賑濟糧不論如何都不能回收,李劍霆在此刻重賞赫連侯,流言就會不攻自破。既然沈澤川要跟她打仁義戰,那就走著瞧。

“韓丞專權欺主,又有篡位之心,罪大惡極,難得赦免,”李劍霆說,“大帥為保朕之安危,替朕擒拿韓賊,實乃大功一件。不僅如此,她出兵青鼠部大捷而歸,於公於私,朕都要封她。”

孔湫說:“大帥駐守邊郡,受盡苦寒,早在鹹德年間就有出兵勤王的功勞。隻是不知皇上要如何封大帥?”

“朕聽聞大帥素有‘風引烈野’的美名,”李劍霆提筆,在紙上工整地寫下兩個字,“不如就封大帥為‘東烈王’。”

孔湫霎時抬頭,愕然道:“那便是……”

“戚竹音,三出啟東保駕勤王,風引邊沙火燒十三營,孤軍深入救回其父。自她擔任啟東五郡兵馬大帥以來,一郡雙關固若金湯。鹹德年至天琛年間,邊沙十二部沒有一兵一卒得以進犯我啟東領土。”李劍霆抬起眼眸,“這般的忠貞悍將,朕封她為王,有何不可?”

“可是大帥身為女子,”孔湫道,“能登上玉龍台受封覲見已是破格,若是再封為異姓王,必定會天下嘩然。皇上,三思啊!”

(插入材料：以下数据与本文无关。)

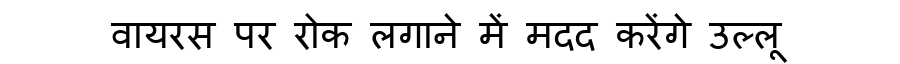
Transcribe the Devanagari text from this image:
वायरस पर रोक लगाने में मदद करेंगे उल्लू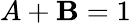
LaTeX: A+\mathbf{B}=1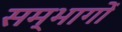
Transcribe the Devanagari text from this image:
सम्भागोँ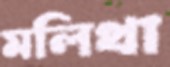
মলিথা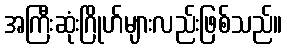
အကြီးဆုံးဂြိုဟ်များလည်းဖြစ်သည်။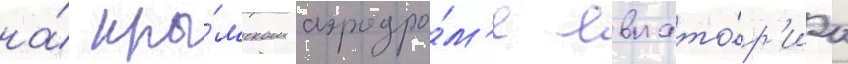
на́ кры́мском аэродро́м'е евпато́р'иа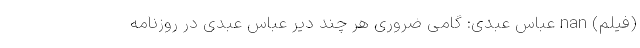
(فیلم) nan عباس عبدی: گامی ضروری هر چند دیر عباس عبدی در روزنامه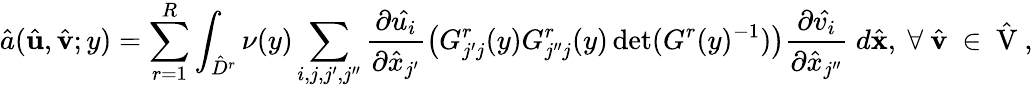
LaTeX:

李劍霆看著孔湫,說道:“元輔在授課時曾教我,‘君臣本同治亂,共安危①’,朕要善納忠諫,還要善待英賢。如今戚竹音既能為朕鎮守四方,又能為朕擒殺逆賊,她以赤誠忠心這般待朕,朕卻還要拘泥於男女之辯,這樣豈不是會寒了天下英賢的心?”她離開座位,前來扶孔湫,誠懇地說,“老師,她為女子,卻肯戎裝殺敵,除卻報國真心,便隻剩忠君之義。更何況,我亦為女子,老師對我傾囊相授,還輔佐我治理天下。所謂男女,真的那般重要嗎?”

李劍霆從“朕”變成了“我”,孔湫卻不能從“元輔”再變成“老師”。新帝要封戚竹音,除卻她所講的肺腑之言,還因為眼下中博、離北兵強馬壯,闃都僅靠八大營固守城門就好比以卵擊石,隻有戚竹音,隻有緊握啟東三十萬兵馬的戚竹音才能跟亂黨一較高下。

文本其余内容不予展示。